Corte di Cassazione, sezione V penale, sentenza 30 agosto 2016, n. 35778
Per la configurabilità del delitto di stalking non è necessario che i comportamenti che ne costituiscono l’oggetto cagionino un mutamento delle abitudini di vita della persona offesa essendo sufficiente che il comportamento incriminato abbia indotto nella vittima uno stato di ansia e timore per propria incolumità. Il delitto di atti persecutori è un reato a fattispecie alternative, la realizzazione di ciascuna delle quali è idonea a integrarlo.
Corte di Cassazione, Sezione 6 penale, Sentenza 19 luglio 2016, n. 30704
L’oggettività giuridica dei reati di cui agli articoli 572 e 612-bis del Cp è diversa, perché il primo è un reato contro l’assistenza familiare e il secondo è un reato contro la libertà morale, e diversi sono i soggetti attivi e passivi delle due condotte illecite, ancorché le relative condotte materiali appaiano omologabili per modalità esecutive e per tipologia lesiva. Infatti, il reato di atti persecutori può essere commesso da chiunque con atti di minaccia o molestia reiterati e non presuppone l’esistenza di interrelazioni soggettive specifiche tra l’agente e il soggetto passivo, mentre, al di là della lettera della norma incriminatrice («chiunque»), il reato di maltrattamenti familiari si connota come reato proprio, potendo essere commesso soltanto da chi ricopra un ruolo nel contesto della famiglia (coniuge, genitore, figlio) e soltanto in pregiudizio di un soggetto che faccia parte dell’aggregazione familiare lato sensu intesa.
Cassazione Penale, Sez. V, 18 maggio 2016, n. 20711
Nel delitto di atti persecutori, che ha natura di reato abituale di evento, l’elemento soggettivo è integrato dal dolo generico, il cui contenuto richiede la volontà di porre in essere più condotte di minaccia e molestia, nella consapevolezza della loro idoneità a produrre uno degli eventi alternativamente previsti dalla norma incriminatrice e dell’abitualità del proprio agire.
Cassazione Penale, Sez. V, 17 febbraio 2016, n. 6455
Integrano il delitto di atti persecutori le condotte reiterate che ingenerano nella vittima un fondato timore per l’incolumità propria o dei suoi prossimi congiunti o che la costringono ad alterare le proprie abitudini di vita quotidiana, incidendo quindi gravemente sulla libertà di autodeterminazione della persona.
Corte di Cassazione, Sezione 2 penale Sentenza 7 dicembre 2015, n. 48332
In materia di atti persecutori, la frequentazione di posti di svago da parte della vittima, quali discoteche, spiagge o lo stesso bar gestito dallo stalker, non esclude la configurabilità del delitto di cui all’articolo 612-bis del Cp.

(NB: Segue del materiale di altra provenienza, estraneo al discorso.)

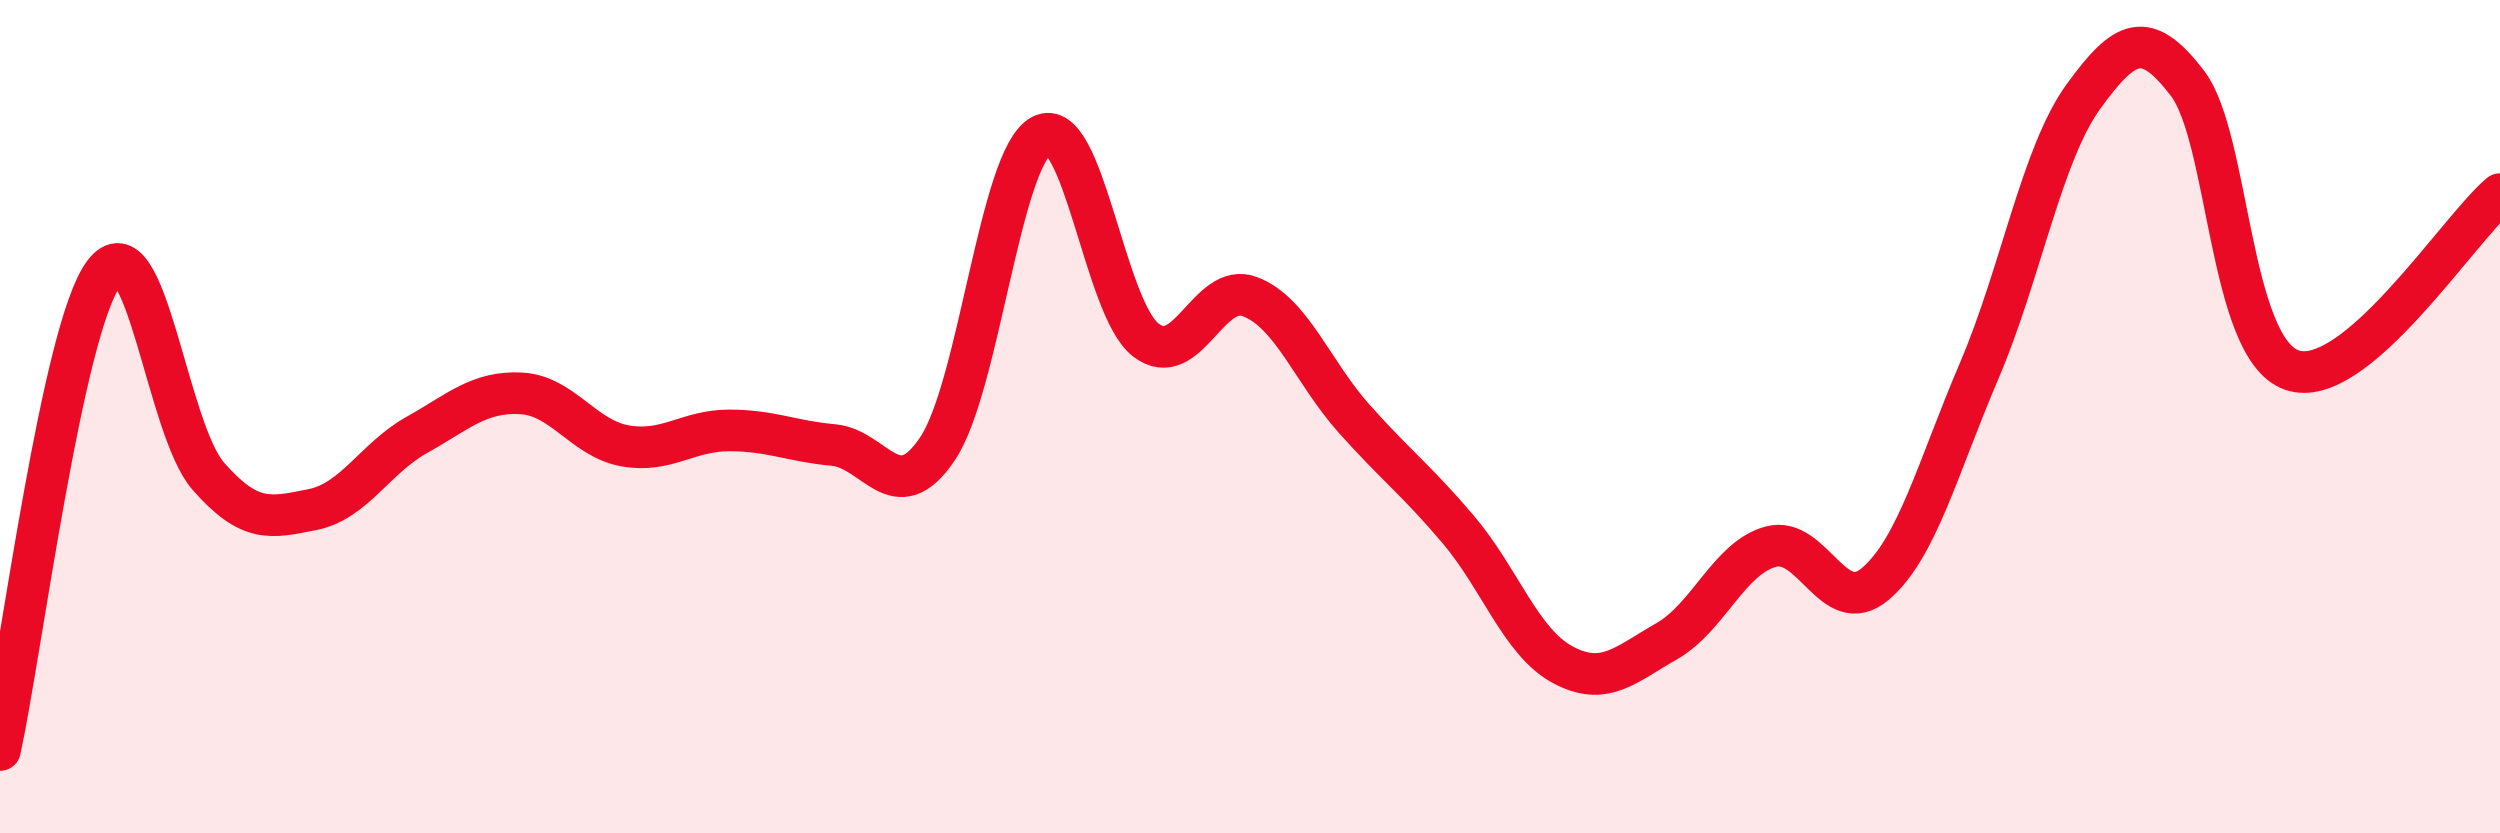 
    <svg width="60" height="20" viewBox="0 0 60 20" xmlns="http://www.w3.org/2000/svg">
      <path
        d="M 0,18 C 0.5,15.71 1.5,7.86 2.5,6.55 C 3.5,5.24 4,10.29 5,11.43 C 6,12.57 6.5,12.43 7.5,12.23 C 8.5,12.03 9,11 10,10.44 C 11,9.88 11.5,9.39 12.5,9.44 C 13.5,9.49 14,10.52 15,10.7 C 16,10.88 16.5,10.33 17.5,10.33 C 18.5,10.33 19,10.59 20,10.68 C 21,10.77 21.5,12.26 22.5,10.77 C 23.5,9.28 24,3.77 25,3.25 C 26,2.73 26.5,7.39 27.5,8.16 C 28.5,8.93 29,6.74 30,7.12 C 31,7.5 31.5,8.93 32.5,10.05 C 33.5,11.17 34,11.53 35,12.71 C 36,13.89 36.5,15.41 37.5,15.95 C 38.5,16.49 39,15.96 40,15.39 C 41,14.82 41.5,13.39 42.5,13.12 C 43.5,12.85 44,14.86 45,14.02 C 46,13.18 46.5,11.24 47.5,8.9 C 48.5,6.56 49,3.7 50,2.32 C 51,0.94 51.5,0.69 52.5,2 C 53.5,3.31 53.5,8.35 55,8.88 C 56.5,9.41 59,5.5 60,4.66L60 20L0 20Z"
        fill="#EB0A25"
        opacity="0.1"
        stroke-linecap="round"
        stroke-linejoin="round"
      />
      <path
        d="M 0,18 C 0.5,15.71 1.5,7.86 2.5,6.55 C 3.5,5.24 4,10.29 5,11.43 C 6,12.57 6.5,12.43 7.5,12.23 C 8.5,12.03 9,11 10,10.44 C 11,9.88 11.5,9.39 12.5,9.44 C 13.5,9.49 14,10.52 15,10.7 C 16,10.88 16.5,10.33 17.5,10.33 C 18.5,10.33 19,10.59 20,10.68 C 21,10.77 21.5,12.26 22.5,10.77 C 23.5,9.28 24,3.77 25,3.25 C 26,2.73 26.5,7.39 27.5,8.16 C 28.5,8.93 29,6.74 30,7.12 C 31,7.5 31.5,8.93 32.5,10.05 C 33.5,11.17 34,11.53 35,12.71 C 36,13.89 36.5,15.41 37.5,15.95 C 38.5,16.49 39,15.96 40,15.39 C 41,14.82 41.5,13.39 42.5,13.12 C 43.5,12.85 44,14.86 45,14.02 C 46,13.18 46.5,11.24 47.5,8.9 C 48.5,6.56 49,3.7 50,2.32 C 51,0.94 51.5,0.69 52.5,2 C 53.5,3.31 53.5,8.35 55,8.88 C 56.5,9.41 59,5.5 60,4.66"
        stroke="#EB0A25"
        stroke-width="1"
        fill="none"
        stroke-linecap="round"
        stroke-linejoin="round"
      />
    </svg>

Lo stalking, infatti, è configurabile quando anche due soli episodi di molestia provochino uno solo degli elementi previsti nella fattispecie, ovvero la presenza di uno stato di ansia e di paura o il fondato timore per la propria incolumità. (Nella specie la Corte respinge il ricorso di un ragazzo che, seppur aveva inviato alla vittima diversi messaggi minacciosi avvalendosi di tutti i mezzi di comunicazione, riteneva di non aver commesso tale delitto perché la donna continuava a frequentare i suoi stessi posti).
Corte di Cassazione, Sezione 5 penale Sentenza 13 novembre 2015, n. 45453
In tema di atti persecutori, ai fini della individuazione del cambiamento delle abitudini di vita, quale elemento integrativo del delitto di cui all’articolo 612-bis c.p., occorre considerare il significato e le conseguenze emotive della costrizione sulle abitudini di vita cui la vittima sente di essere costretta e non la valutazione, puramente quantitativa, delle variazioni apportate. (Nel caso di specie, il mutamento significativo delle abitudini di vita era determinato dal fatto che l’atteggiamento morboso dell’imputato aveva costretto la vittima a uscire di casa sempre accompagnata, anche per espletare le normali attività quotidiane.).
Corte di Cassazione, Sezione 5 penale Sentenza 25 luglio 2014, n. 33196
È configurabile il delitto di “stalking” quando, come previsto dall’articolo 612 bis c.p., comma 1, il comportamento minaccioso o molesto di taluno, posto in essere con condotte reiterate, abbia cagionato nella vittima o un grave e perdurante stato di turbamento emotivo ovvero abbia ingenerato un fondato timore per l’incolumità propria o di un prossimo congiunto o di persona al medesimo legata da relazione affettiva, ovvero ancora abbia costretto lo stesso ad alterare le proprie abitudini di vita, bastando, inoltre, ad integrare la reiterazione quale elemento costitutivo del suddetto reato come dianzi affermato, anche due sole condotte di minaccia o di molestia Dovendosi, in particolare, intendere per alterazione delle proprie abitudini di vita, ogni mutamento significativo e protratto per un apprezzabile lasso di tempo dell’ordinaria gestione della vita quotidiana, indotto nella vittima, dalla condotta persecutoria altrui, finalizzato ad evitare l’ingerenza nella propria vita privata del molestatore.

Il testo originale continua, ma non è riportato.